Records from a dataset
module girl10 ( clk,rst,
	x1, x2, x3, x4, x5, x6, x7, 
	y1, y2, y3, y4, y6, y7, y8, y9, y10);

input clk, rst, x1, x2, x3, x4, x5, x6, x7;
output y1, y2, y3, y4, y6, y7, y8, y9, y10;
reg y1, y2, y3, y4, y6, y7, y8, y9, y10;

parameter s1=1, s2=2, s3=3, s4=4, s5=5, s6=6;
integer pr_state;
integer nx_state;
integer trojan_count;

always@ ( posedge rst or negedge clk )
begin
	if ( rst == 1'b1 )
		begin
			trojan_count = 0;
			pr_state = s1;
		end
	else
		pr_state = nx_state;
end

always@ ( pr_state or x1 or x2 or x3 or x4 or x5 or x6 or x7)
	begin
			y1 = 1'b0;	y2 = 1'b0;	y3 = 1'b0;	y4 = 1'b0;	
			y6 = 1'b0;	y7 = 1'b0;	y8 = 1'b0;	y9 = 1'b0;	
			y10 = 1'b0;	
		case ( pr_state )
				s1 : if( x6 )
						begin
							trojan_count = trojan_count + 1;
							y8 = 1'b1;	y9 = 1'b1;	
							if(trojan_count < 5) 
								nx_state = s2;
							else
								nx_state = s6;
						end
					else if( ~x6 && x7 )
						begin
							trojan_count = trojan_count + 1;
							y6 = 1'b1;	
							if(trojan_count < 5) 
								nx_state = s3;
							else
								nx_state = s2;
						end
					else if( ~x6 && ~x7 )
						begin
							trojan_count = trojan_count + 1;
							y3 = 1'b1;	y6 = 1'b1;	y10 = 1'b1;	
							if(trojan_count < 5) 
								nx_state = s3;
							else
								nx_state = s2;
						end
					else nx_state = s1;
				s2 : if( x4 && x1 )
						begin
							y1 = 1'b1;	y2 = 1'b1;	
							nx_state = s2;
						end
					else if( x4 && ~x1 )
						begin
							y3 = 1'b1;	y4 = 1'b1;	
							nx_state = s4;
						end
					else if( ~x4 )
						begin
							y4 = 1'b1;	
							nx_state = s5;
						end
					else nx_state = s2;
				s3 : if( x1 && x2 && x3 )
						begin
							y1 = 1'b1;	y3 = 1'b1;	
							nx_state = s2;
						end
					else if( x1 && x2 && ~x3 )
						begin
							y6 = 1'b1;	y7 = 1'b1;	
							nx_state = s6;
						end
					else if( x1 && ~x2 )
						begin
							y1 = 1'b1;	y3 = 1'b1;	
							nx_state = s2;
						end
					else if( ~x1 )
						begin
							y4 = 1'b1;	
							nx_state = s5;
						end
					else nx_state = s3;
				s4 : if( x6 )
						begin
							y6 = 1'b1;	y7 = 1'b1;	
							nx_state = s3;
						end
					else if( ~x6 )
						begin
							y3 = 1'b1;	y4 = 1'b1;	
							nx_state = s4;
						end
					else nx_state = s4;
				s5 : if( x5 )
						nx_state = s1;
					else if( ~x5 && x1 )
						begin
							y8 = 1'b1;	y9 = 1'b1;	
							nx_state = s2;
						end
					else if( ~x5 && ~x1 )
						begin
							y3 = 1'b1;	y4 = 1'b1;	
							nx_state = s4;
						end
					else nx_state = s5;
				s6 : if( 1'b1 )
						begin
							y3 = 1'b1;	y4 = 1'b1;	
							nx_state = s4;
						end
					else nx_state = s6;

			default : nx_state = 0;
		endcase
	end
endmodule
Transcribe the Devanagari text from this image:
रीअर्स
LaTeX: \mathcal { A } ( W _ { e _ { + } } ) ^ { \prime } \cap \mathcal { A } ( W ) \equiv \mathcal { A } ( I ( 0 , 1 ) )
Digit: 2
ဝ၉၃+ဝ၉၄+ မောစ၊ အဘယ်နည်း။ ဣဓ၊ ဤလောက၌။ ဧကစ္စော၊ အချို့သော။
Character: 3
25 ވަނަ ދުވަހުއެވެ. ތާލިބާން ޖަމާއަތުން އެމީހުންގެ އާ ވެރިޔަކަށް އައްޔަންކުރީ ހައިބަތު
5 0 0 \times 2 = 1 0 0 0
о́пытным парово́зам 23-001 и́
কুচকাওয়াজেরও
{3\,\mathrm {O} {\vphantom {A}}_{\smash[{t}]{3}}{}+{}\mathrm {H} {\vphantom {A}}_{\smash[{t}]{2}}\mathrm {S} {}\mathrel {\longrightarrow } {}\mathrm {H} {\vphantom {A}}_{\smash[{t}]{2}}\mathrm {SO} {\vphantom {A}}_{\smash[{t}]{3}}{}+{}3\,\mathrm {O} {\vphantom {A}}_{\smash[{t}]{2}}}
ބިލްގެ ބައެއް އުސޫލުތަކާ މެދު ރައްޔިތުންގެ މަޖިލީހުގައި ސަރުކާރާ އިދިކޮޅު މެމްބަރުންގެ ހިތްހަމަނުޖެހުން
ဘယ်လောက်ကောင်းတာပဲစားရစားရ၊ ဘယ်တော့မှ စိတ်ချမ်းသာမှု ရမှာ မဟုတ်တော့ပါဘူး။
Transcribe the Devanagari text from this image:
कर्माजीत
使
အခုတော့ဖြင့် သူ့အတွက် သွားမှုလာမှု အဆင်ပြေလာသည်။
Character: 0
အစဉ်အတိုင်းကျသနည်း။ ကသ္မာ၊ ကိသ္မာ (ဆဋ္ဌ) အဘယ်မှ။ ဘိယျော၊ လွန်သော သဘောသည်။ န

◆ TASK REQUIREMENTS
Read the records above. Show each line that has the string "integer".

◆ ANSWER BOX
integer pr_state;
integer nx_state;
integer trojan_count;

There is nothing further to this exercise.